Friday, June 23, 2006

THIS EVER ELUSIVE THING CALLED UNITY---Part I

I want to attempt to give some very personal and fallible thoughts on unity. Having been married for 47 years, having been a parent for 45 years, and having pastored churches for nearly 50 years, I have ample reason for struggling with this very messy issue.

There isn't a lot of difference between a family, a church, or a denomination in terms of working with people. We are different from one another but people are just people at any level of association and unity will always be a work in progress.

Families often choose to struggle behind closed doors for whatever reason, but John Powell may be right when he said that a family is unhealthy to the level of it's secrets. A church tends to be a little more upfront with problems perhaps, or maybe not, but they have them. The denomination that pretends that only positive things are going on and refuses to deal with the real problems that everyone knows are there is as unhealthy as that family behind closed doors.

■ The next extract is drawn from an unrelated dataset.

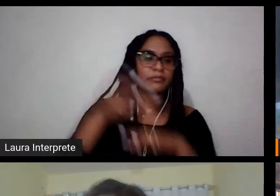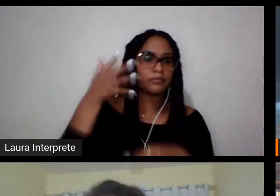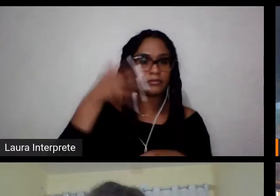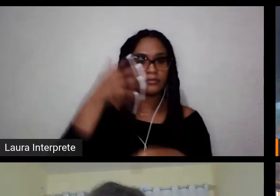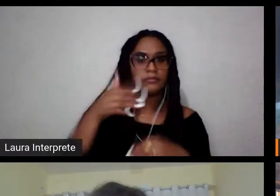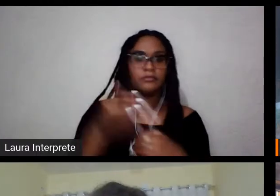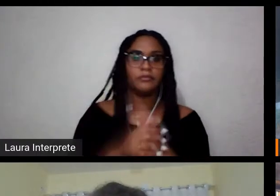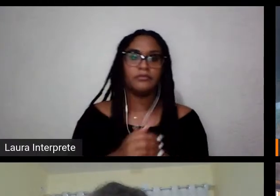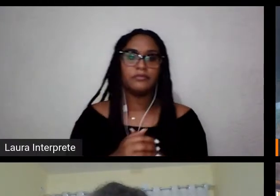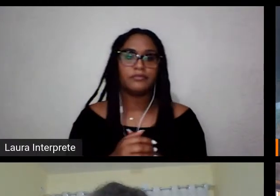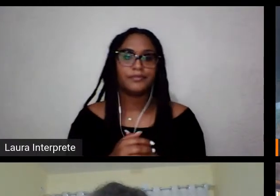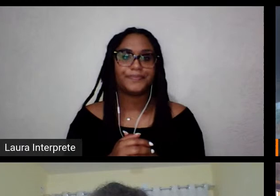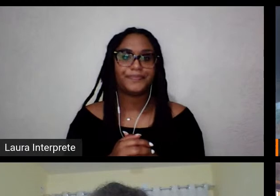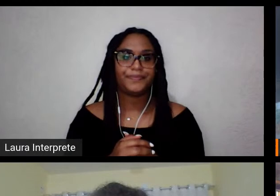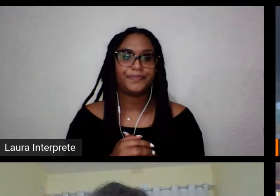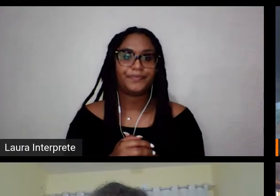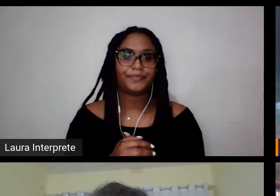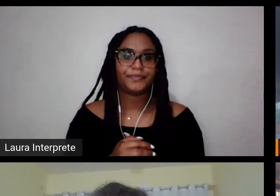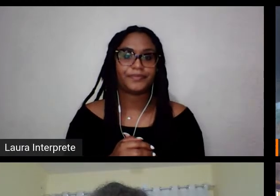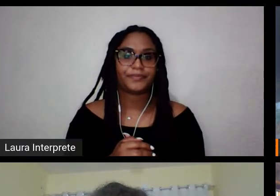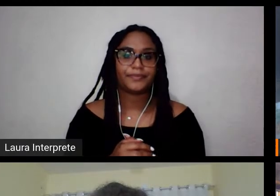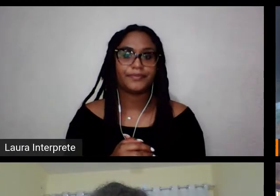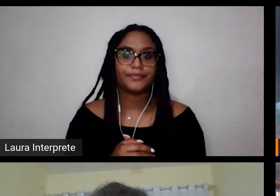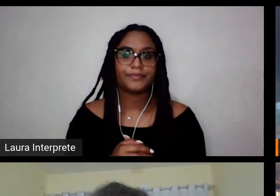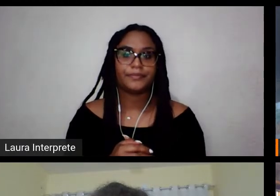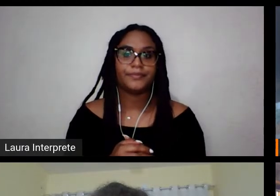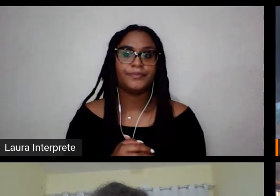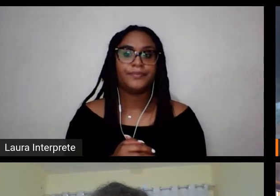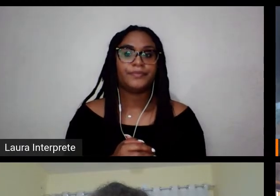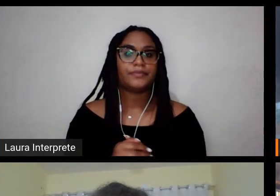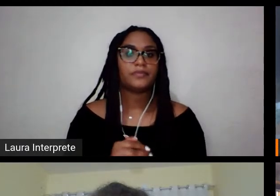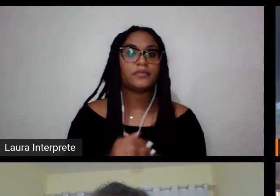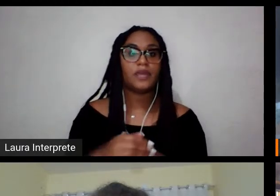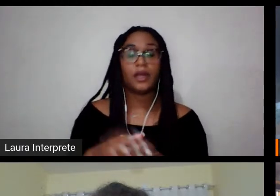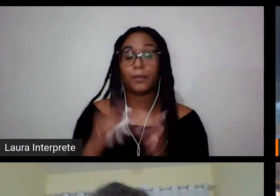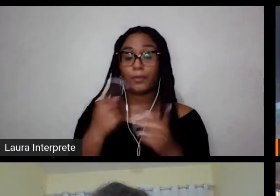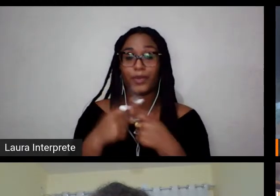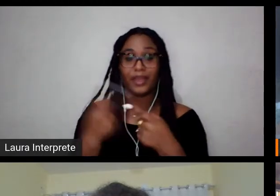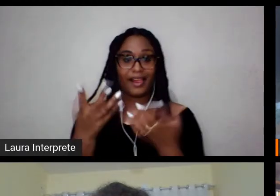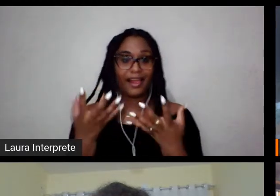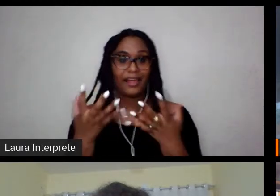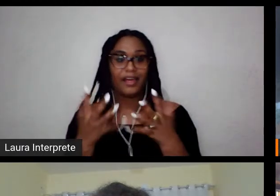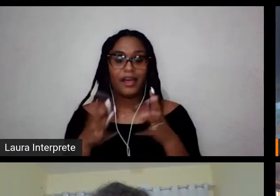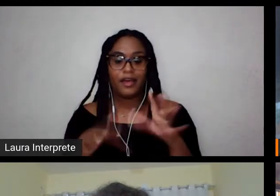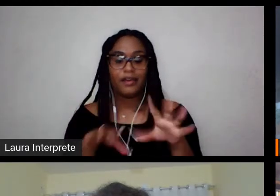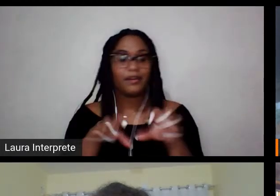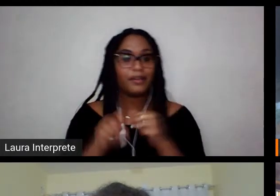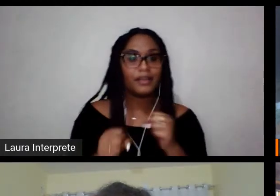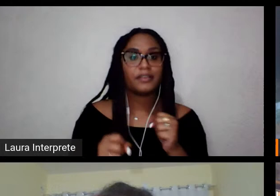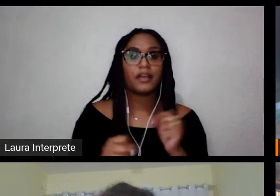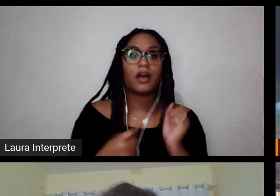também para ter essa formação e poder potencializar ainda mais a sua voz.
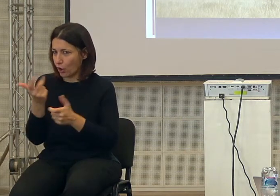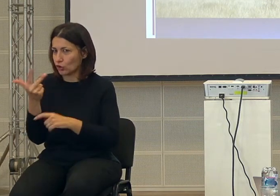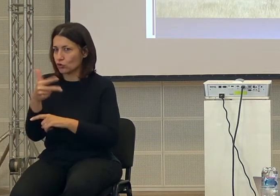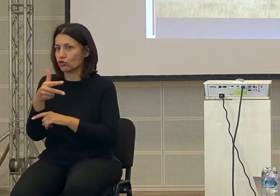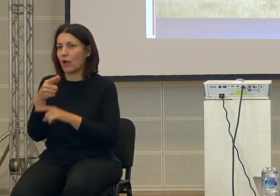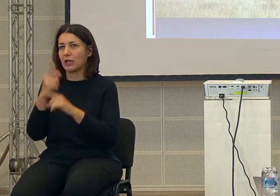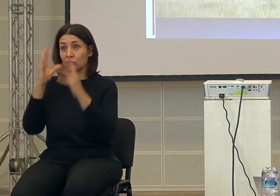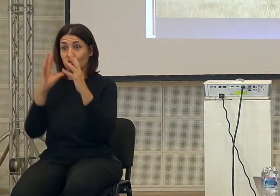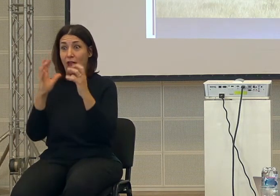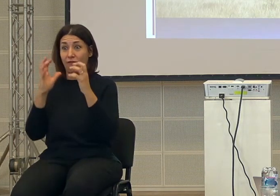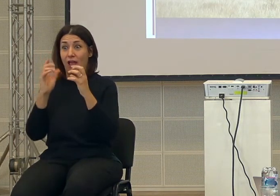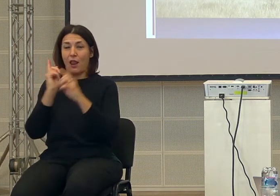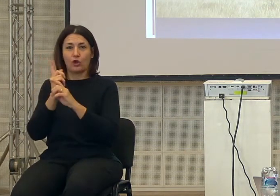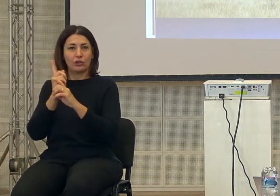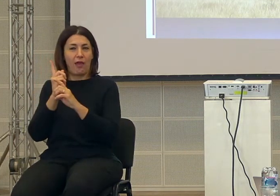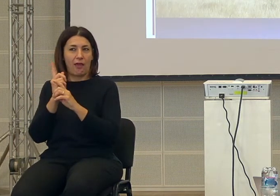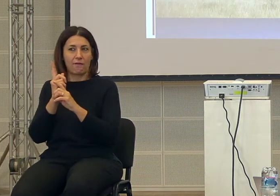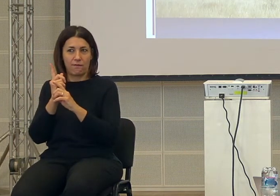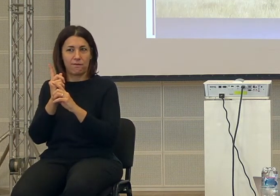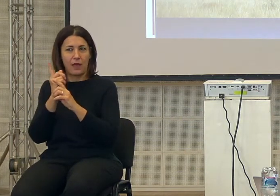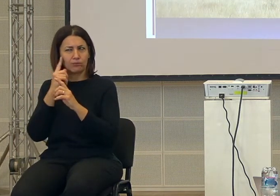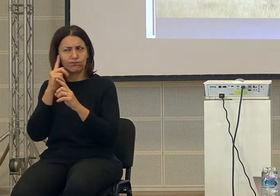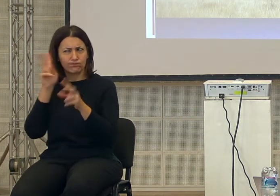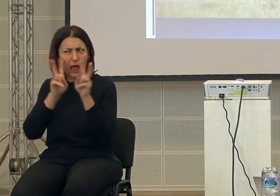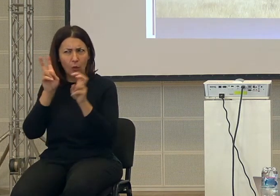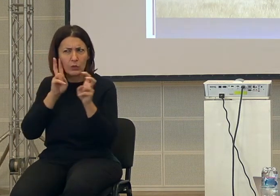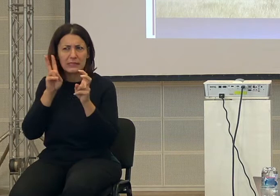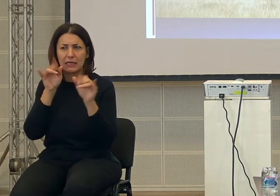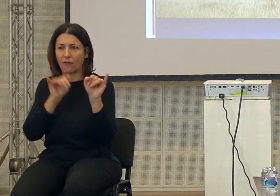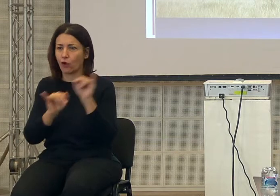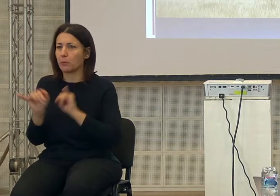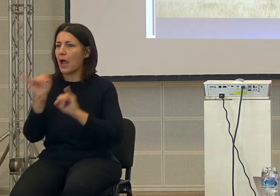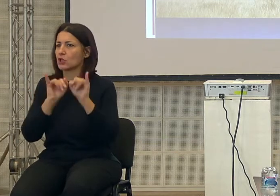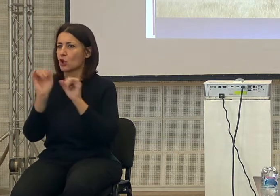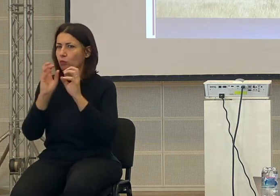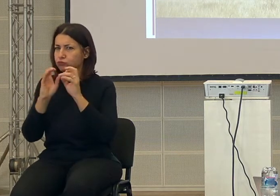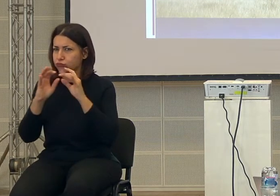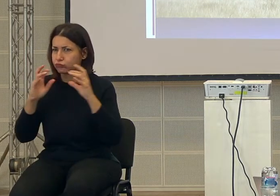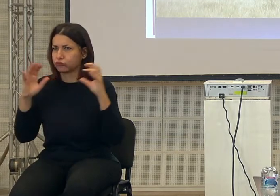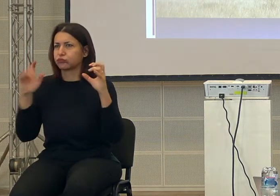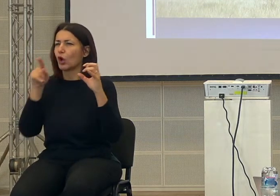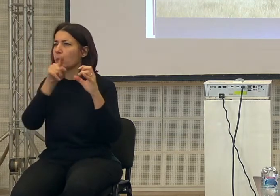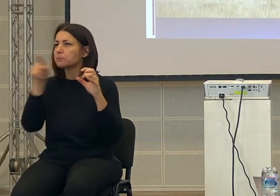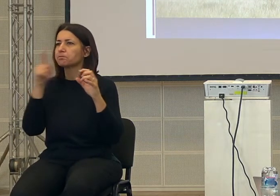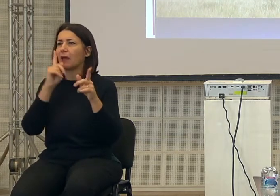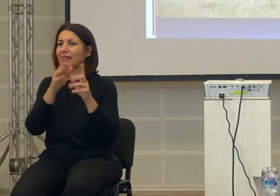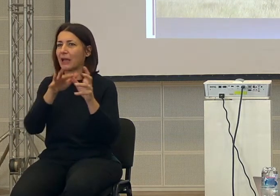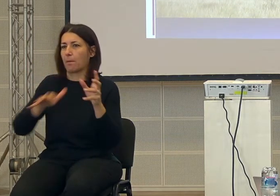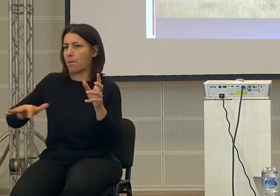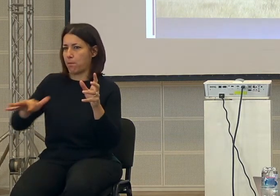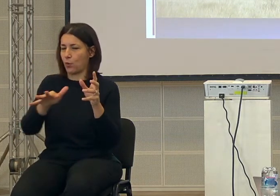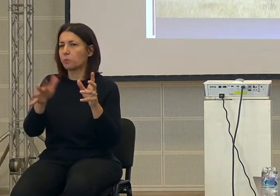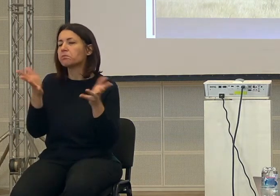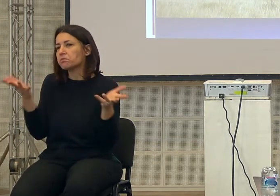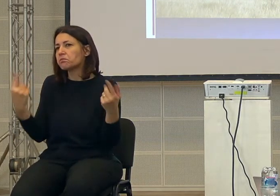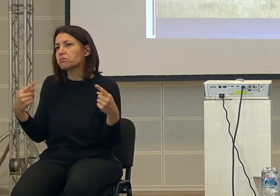acquisire molte informazioni su tutti i membri della tribù, insomma quindi si

It is a rare person or group that can face their own weaknesses and openly deal with issues. But for unity to be maintained as a reality, a lot needs to be thought through and talked about sensibly, as well as openly, whether it's two people or thousands of people in the group.

How can people so different maintain unity? What are effective guidelines for building a united group...whichever group is being refered to? How do you agree on those guidelines? How do you hold people accountable who've agreed to those guidelines? You can see the questions are manifold. Answers are fewer. But some may be available for people willing to look for those answers.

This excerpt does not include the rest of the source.